-- Opening Marker --

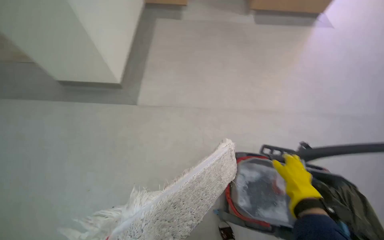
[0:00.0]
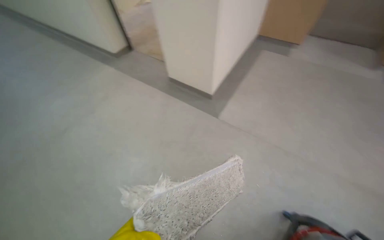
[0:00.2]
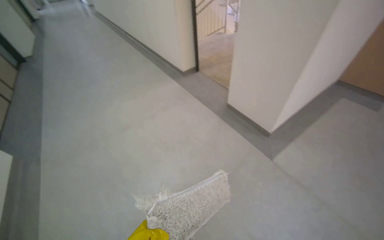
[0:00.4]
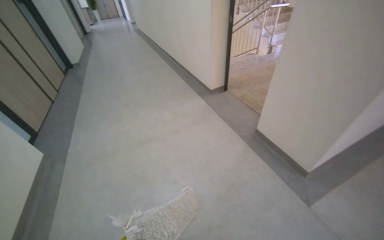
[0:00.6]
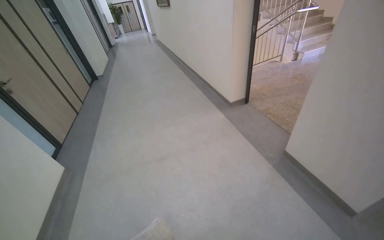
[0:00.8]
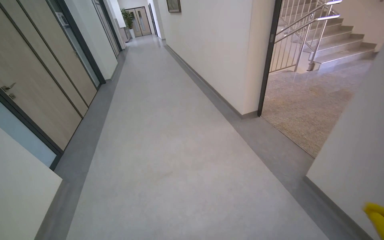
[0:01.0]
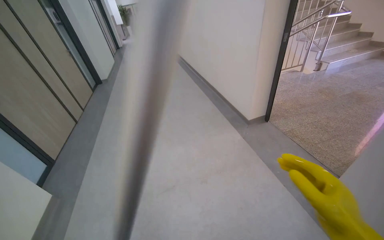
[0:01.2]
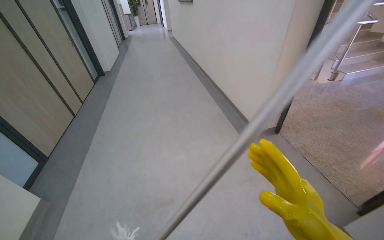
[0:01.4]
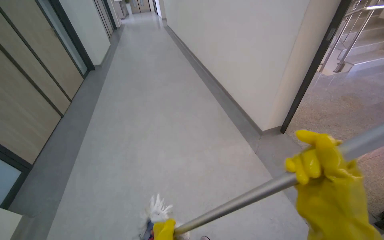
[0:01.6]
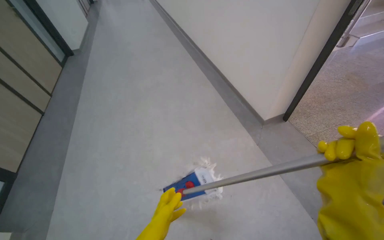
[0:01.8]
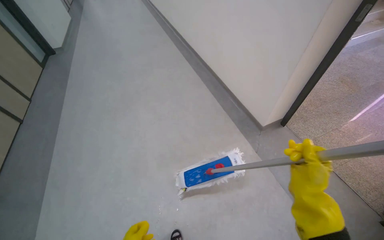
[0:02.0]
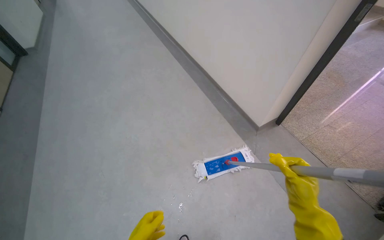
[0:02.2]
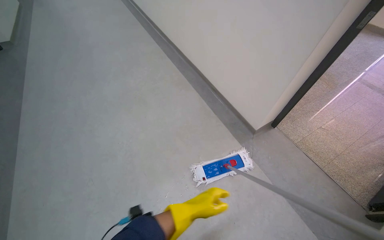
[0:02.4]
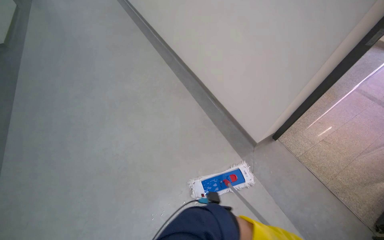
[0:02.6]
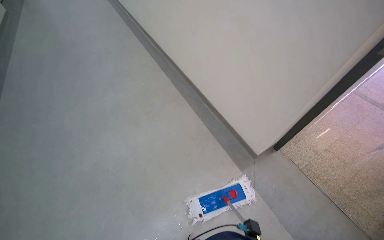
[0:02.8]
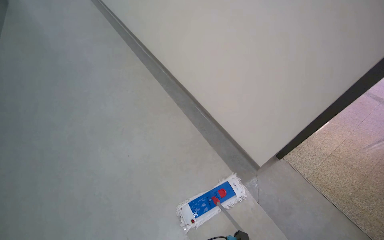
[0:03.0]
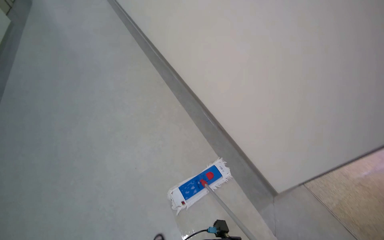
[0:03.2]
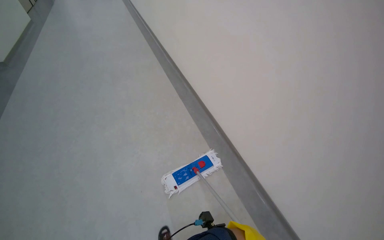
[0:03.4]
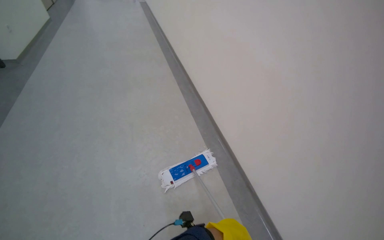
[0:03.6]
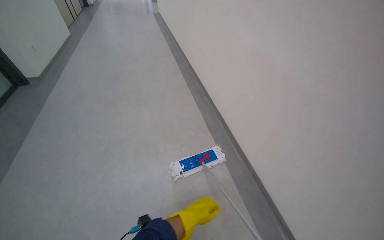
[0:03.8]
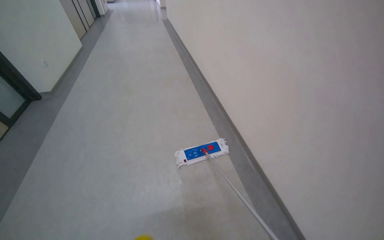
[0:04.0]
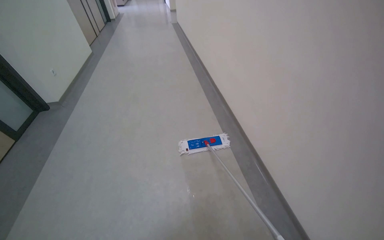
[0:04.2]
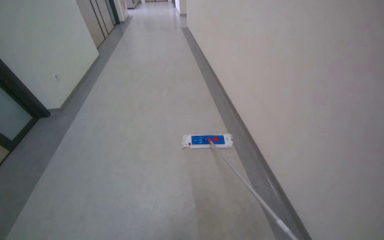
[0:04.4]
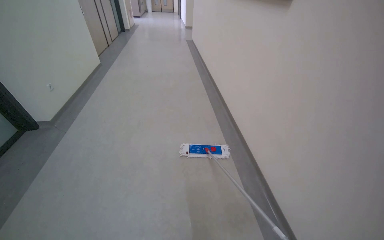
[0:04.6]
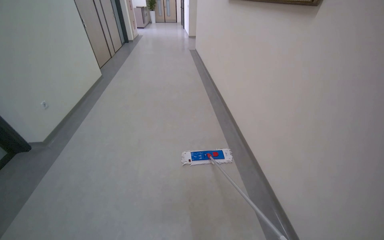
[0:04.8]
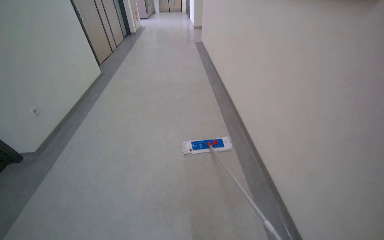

-- Closing Marker --

Exercise - Write the material above out again exactly as it reads, but don't carry over the pictures.

Solution to the exercise -
[0:00.0]
[0:00.2]
[0:00.4]
[0:00.6]
[0:00.8]
[0:01.0]
[0:01.2]
[0:01.4]
[0:01.6]
[0:01.8]
[0:02.0]
[0:02.2]
[0:02.4]
[0:02.6]
[0:02.8]
[0:03.0]
[0:03.2]
[0:03.4]
[0:03.6]
[0:03.8]
[0:04.0]
[0:04.2]
[0:04.4]
[0:04.6]
[0:04.8]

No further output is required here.